When researchers at CHI 2026, one of the most respected conferences in human-computer interaction, set out to study how haptic feedback affects gaming experience, they expected to confirm what the industry already assumed: that tactile sensation makes games more immersive for players.
What they found was more interesting than that.
The Study
The experiment was straightforward in design. Sixty participants were divided into two groups: active players and passive spectators. Both groups experienced the same first-person shooter game under two conditions, with haptic feedback and without it. Researchers then measured how each group responded across multiple dimensions including enjoyment, perceived usefulness, and intention to use the technology again.
The result that nobody quite predicted: haptic feedback had a stronger effect on spectators than on players.
Why Spectators Responded More Strongly
The explanation, when you think about it, makes a kind of intuitive sense. Active players are cognitively loaded. They're processing the game environment, managing controls, making decisions under pressure, tracking multiple variables simultaneously. In that state, the additional sensory layer of haptic feedback competes for attention rather than supplementing it cleanly.

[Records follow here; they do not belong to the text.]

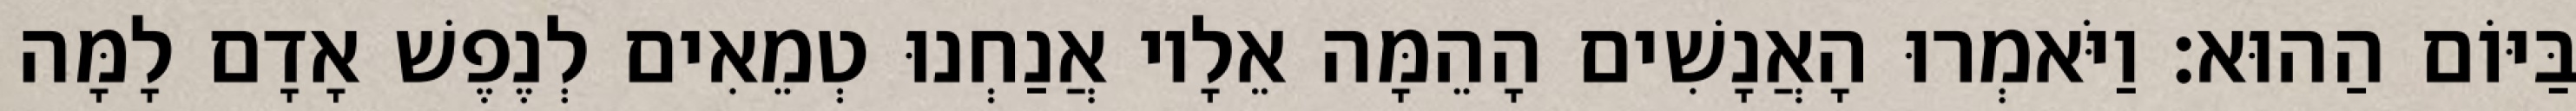
בַּיּוֹם הַהוּא׃ וַיֹּאמְרוּ הָאֲנָשִׁים הָהֵמָּה אֵלָיו אֲנַחְנוּ טְמֵאִים לְנֶפֶשׁ אָדָם לָמָּה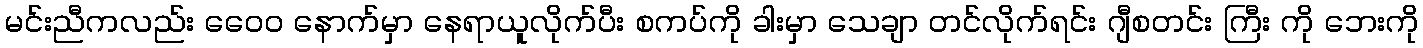
မင်းညီကလည်း ဝေေ၀ နောက်မှာ နေရာယူလိုက်ပီး စကပ်ကို ခါးမှာ သေချာ တင်လိုက်ရင်း ဂျီစတင်း ကြီး ကို ဘေးကို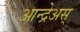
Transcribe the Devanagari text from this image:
आन्द्रेअस्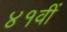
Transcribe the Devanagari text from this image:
४१वीं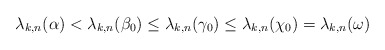
\begin{align*}\lambda_{k,n}(\alpha) < \lambda_{k,n}(\beta_0) \le \lambda_{k,n}(\gamma_0) \le \lambda_{k,n}(\chi_0) = \lambda_{k,n}(\omega)\end{align*}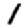
Digit: 1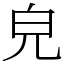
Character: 皃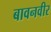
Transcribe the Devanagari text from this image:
बावनवीर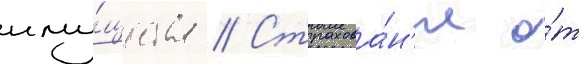
иму́щества // Страхова́н'ие о́т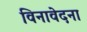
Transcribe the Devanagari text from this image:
विनावेदना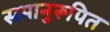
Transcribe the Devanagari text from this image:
समानुरूपित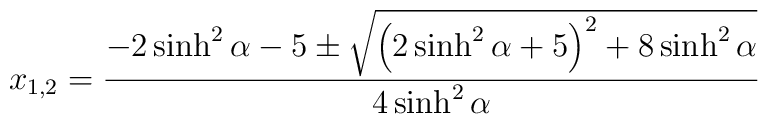
x_{1,2} = \frac{-2\sinh^{2}\alpha - 5 \pm \sqrt{\left ( 2\sinh^{2}{\alpha}+ 5\right ) ^{2} + 8\sinh^{2}{\alpha}}}{4\sinh^{2}{\alpha}}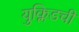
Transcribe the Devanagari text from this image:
युक्लिडची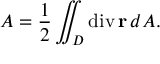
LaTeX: A = { \frac { 1 } { 2 } } \iint _ { D } \operatorname { d i v } \mathbf { r } \, d A .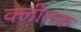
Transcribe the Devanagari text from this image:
क्लीतक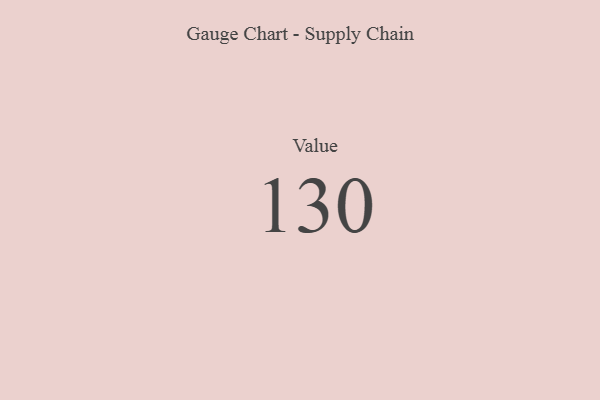
{"axis": {"x": "Metric", "y": "Value"}, "legend": [""], "data": [{"x": "Value", "y": 130, "type": ""}]}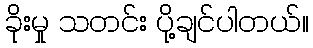
ခိုးမှု သတင်း ပို့ချင်ပါတယ်။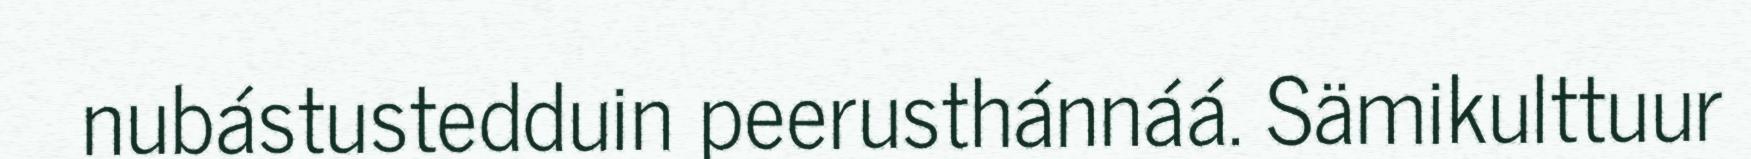
nubástustedduin peerusthánnáá. Sämikulttuur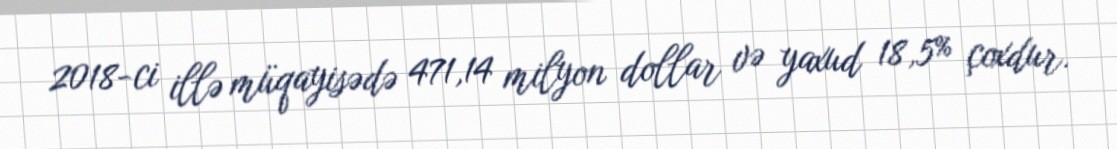
2018-ci illə müqayisədə 471,14 milyon dollar və yaxud 18,5% çoxdur.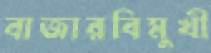
বাজারবিমুখী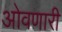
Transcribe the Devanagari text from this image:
ओवणारी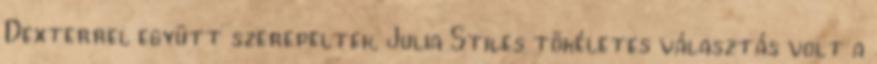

Spectators, by contrast, have cognitive bandwidth to spare. With no controls to manage and no decisions to make, they're free to actually feel the feedback, to notice it, process it, and let it deepen their connection to what they're watching.
The research describes this through two distinct pathways. Players responded primarily through a hedonic route: haptics made the game more enjoyable, and enjoyment drove their intention to use it. Spectators responded through both hedonic and eudaimonic pathways, meaning the feedback didn't just feel good, it felt meaningful. It added something to the experience beyond pleasure.

What This Means for How Gaming Is Evolving
The implications extend well beyond a single lab study. Esports viewership has grown into a massive global phenomenon, with audiences watching competitive play at scales that rival traditional sports broadcasts. The question of how to make that spectator experience more immersive, more physically engaging, more present, is one the industry is actively working through.
If haptic feedback proves consistently more impactful for viewers than for players, the design conversation shifts significantly. Wearable haptic technology stops being purely a player's tool and becomes part of a broader entertainment experience, one where watching a game carries its own physical dimension.
The Broader Pattern
This finding connects to something researchers across multiple fields have been observing: the relationship between physical sensation and emotional engagement is not straightforward. More stimulation doesn't always mean more immersion. Context, cognitive state, and the quality of sensory information all matter as much as intensity.
For game designers and hardware developers, the lesson is the same one emerging across immersive technology more broadly. The goal isn't to overwhelm the senses. It's to give the body the right information at the right moment, in a way that the nervous system can actually integrate and respond to.
The CHI 2026 study didn't set out to reframe haptics in gaming. But by asking a slightly different question, comparing roles rather than simply measuring feedback intensity, it surfaced an insight that changes how the technology should be thought about, designed for, and deployed.
Sometimes the most revealing data comes from the person who isn't playing.